Make sure your hubby is scrubbing the grill after every use and letting it burn to ensure any excess bacteria is killed. Keeping your grill racks clean is essential for a successful cookout. Start by brushing off food debris with a wire grill brush. Then remove the racks and wash with warm soapy water. After firing up the grill, make sure to brush the racks with a little oil to prevent food from sticking. Let the racks burn for a while before adding your food. You should be cleaning your grill entirely, inside and out, every four to six months depending on how frequently you grill.
4. Raw cookie dough
No matter how old you are, a spoonful of raw cookie dough screams “fun times.” Hey, adults deserve to have fun too! However, tread with caution. This seemingly harmless delicious treat is known to consist of raw eggs that may harbor harmful bacteria, like salmonella. Consuming any foods that have uncooked eggs and flour can be detrimental to your health. Make sure to always cook eggs thoroughly.
Is your raw dough eggless? Steer clear! Raw dough without eggs can still be harmful due to the possibility of raw flour containing E. coli. The FDA and CDC, along with state and local officials, conducted an investigation into the dangers of eating raw dough. The investigation revealed dozens of people across the country were poisoned by a strain of bacteria called Shiga toxin-producing E. coli O12.

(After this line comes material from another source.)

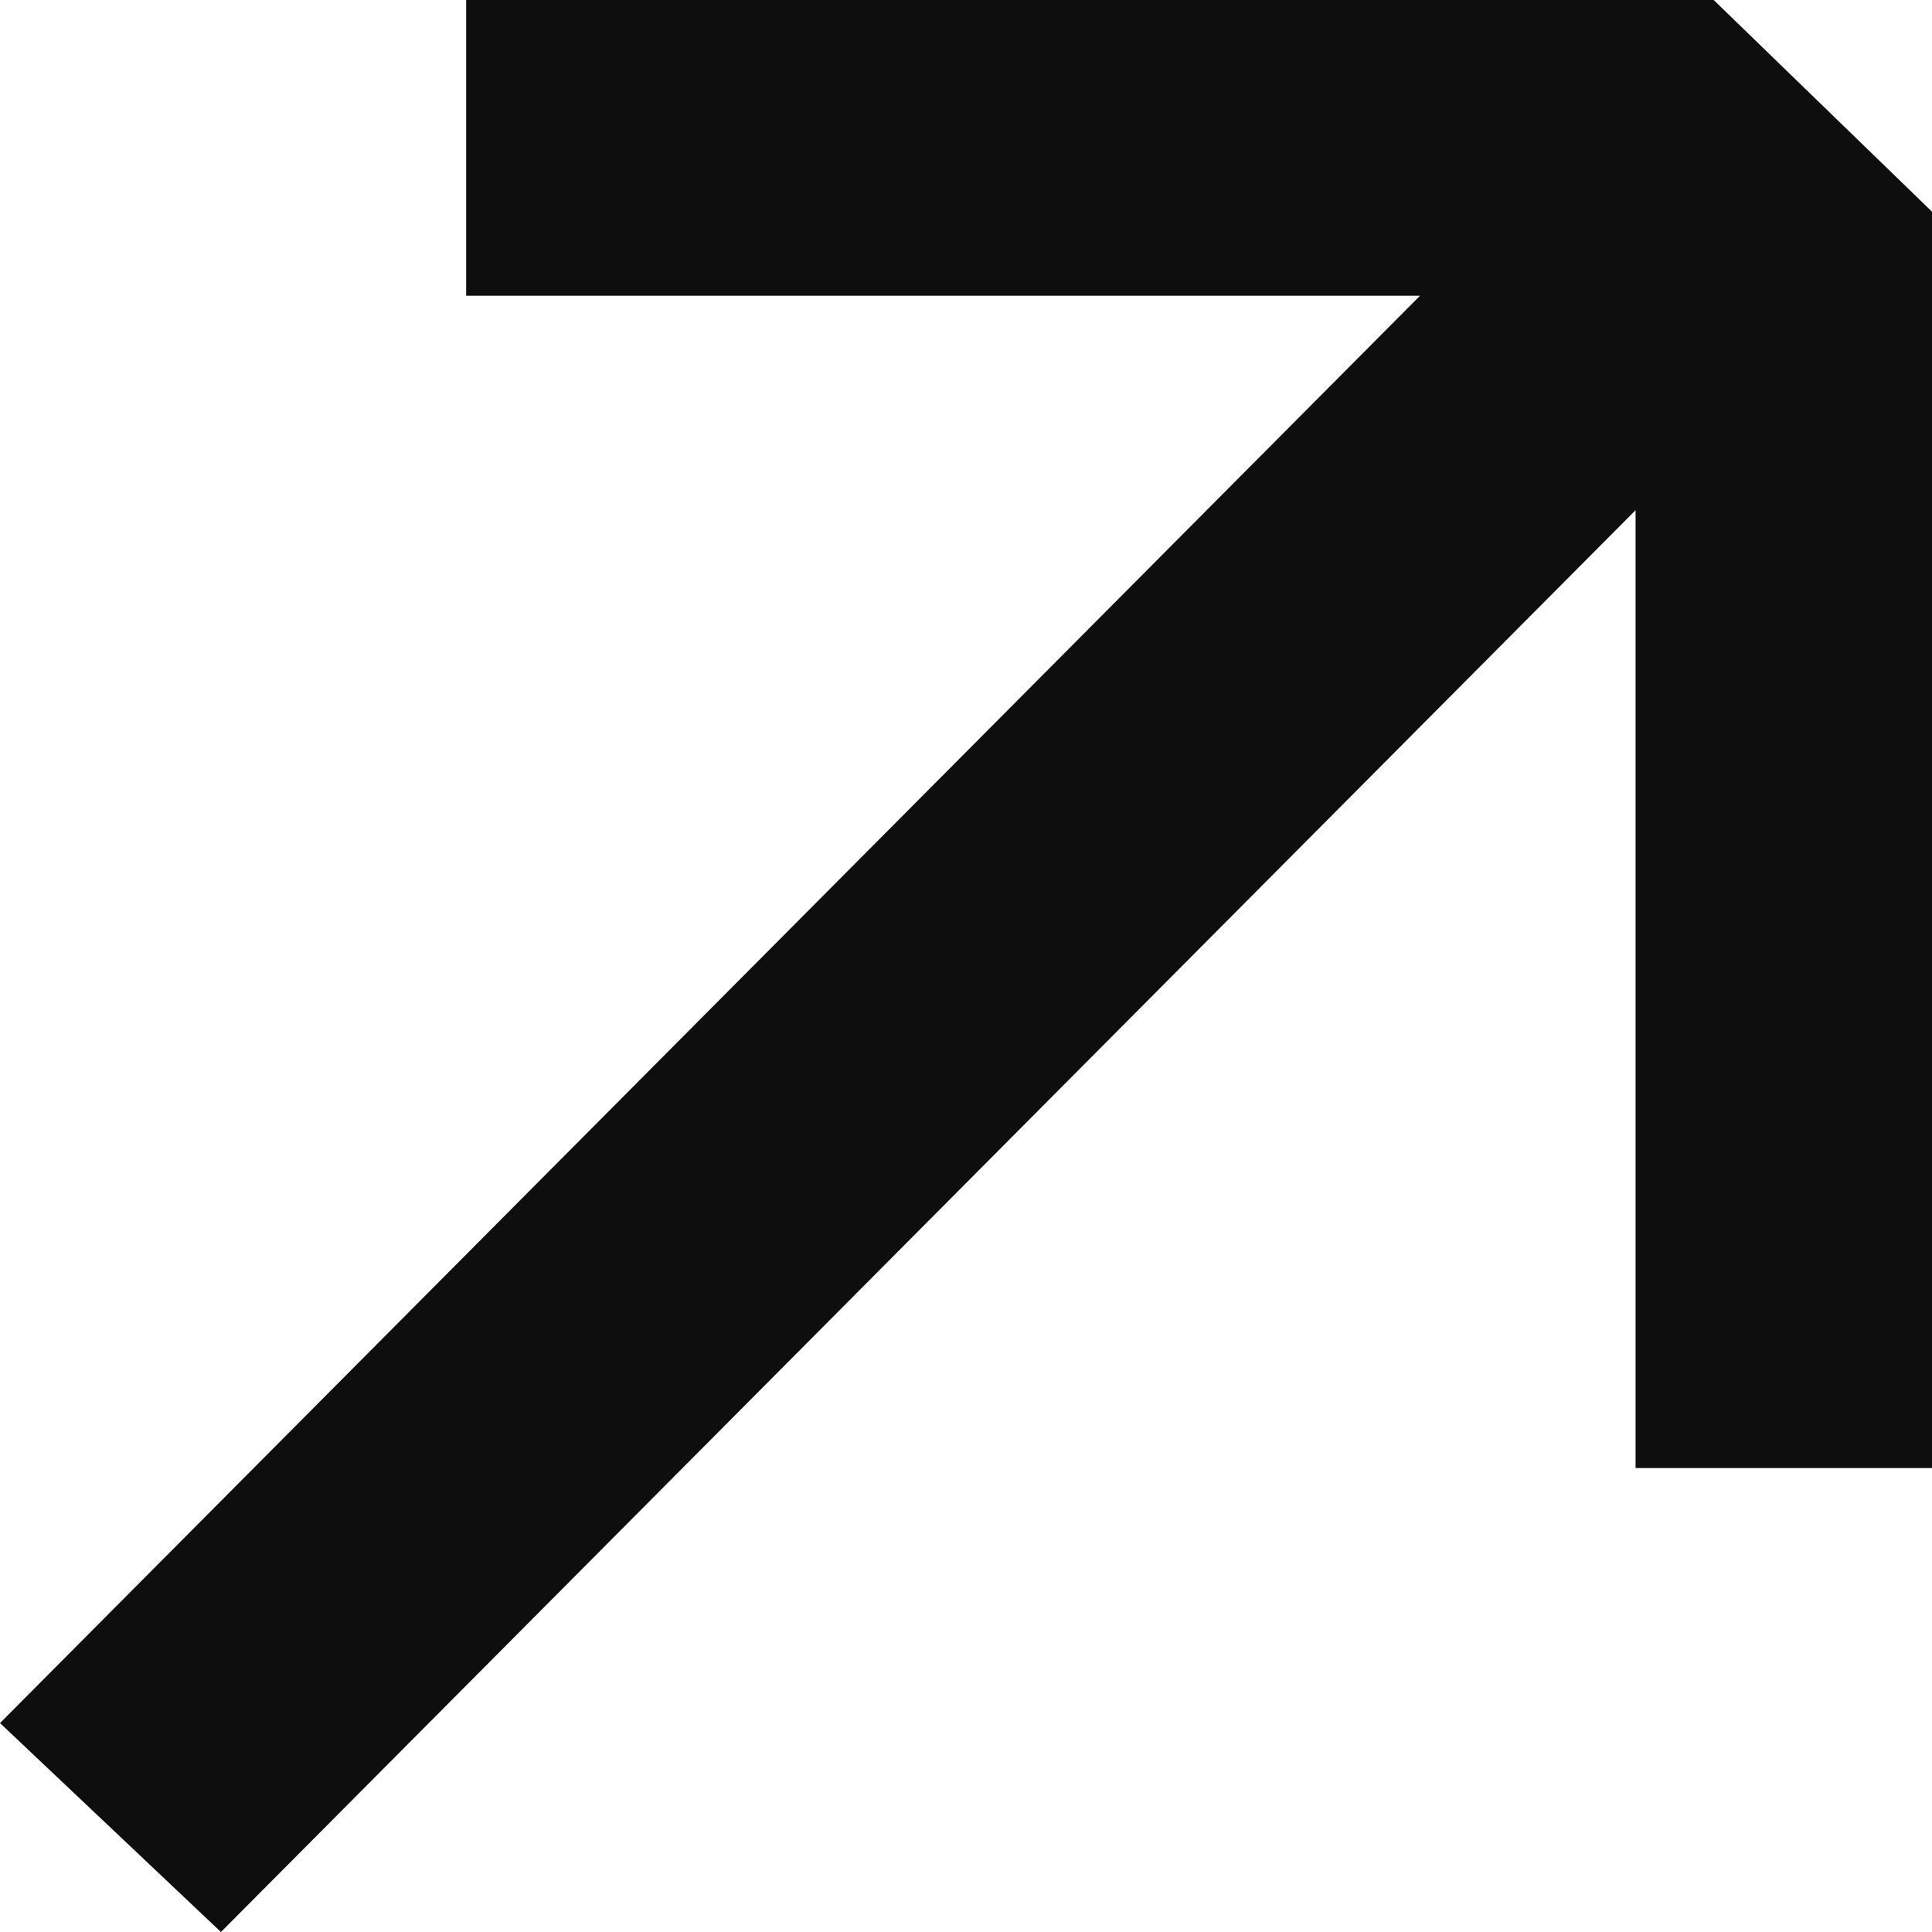 <svg width="14" height="14" viewBox="0 0 14 14" fill="none" xmlns="http://www.w3.org/2000/svg">
<path d="M11.852 3.697L1.601 14L0 12.486L10.29 2.143H3.378V0H12.418L14 1.534V10.638H11.852V3.697Z" fill="#0E0E0E"/>
</svg>

So, when you start jonesing for some raw cookie dough, try the safe alternative of a scoop of cookie dough ice cream to satisfy your craving.
Crab, oysters, shrimp and lobster can be covered in food poisoning-causing bacteria, even before being yanked from the water! Shellfish should always be cooked and never consumed raw. As tasty as raw sushi is, try cooked sushi as an alternative, such as shrimp tempura rolls or veggie rolls — it’s much safer.
6. Deli meat
You know the feeling of excitement you get while standing in the deli line? You peek around the person standing in front of you to eye the seemingly endless options of deli meat, toppings and condiments. You think to yourself, “I’m about to make the greatest sandwich the world has ever witnessed.” However, you may want to think twice. Many deli items, like soft cheese, contain Listeria monocytogenes bacteria. This type of bacteria is also very common in prepared pates, deli salads and sliced deli meats.
7. Leafy greens
Leafy greens can harbor many germs that exist in the soil and water. And because leafy greens are often consumed raw, they become a playground for deadly bacteria, like E. coli, that hide on the surface. Greens are also more likely to be cross-contaminated with bacteria from nearby raw meat during the prep stages of your meal.
If you start experiencing the common symptoms of food poisoning, such as nausea, vomiting, stomach cramps and diarrhea, see a doctor immediately. According to the CDC, younger children, older adults and pregnant women are high-risk groups for developing food poisoning.
Your favorite foods aren’t off limits, just proceed with caution while preparing and storing afterward.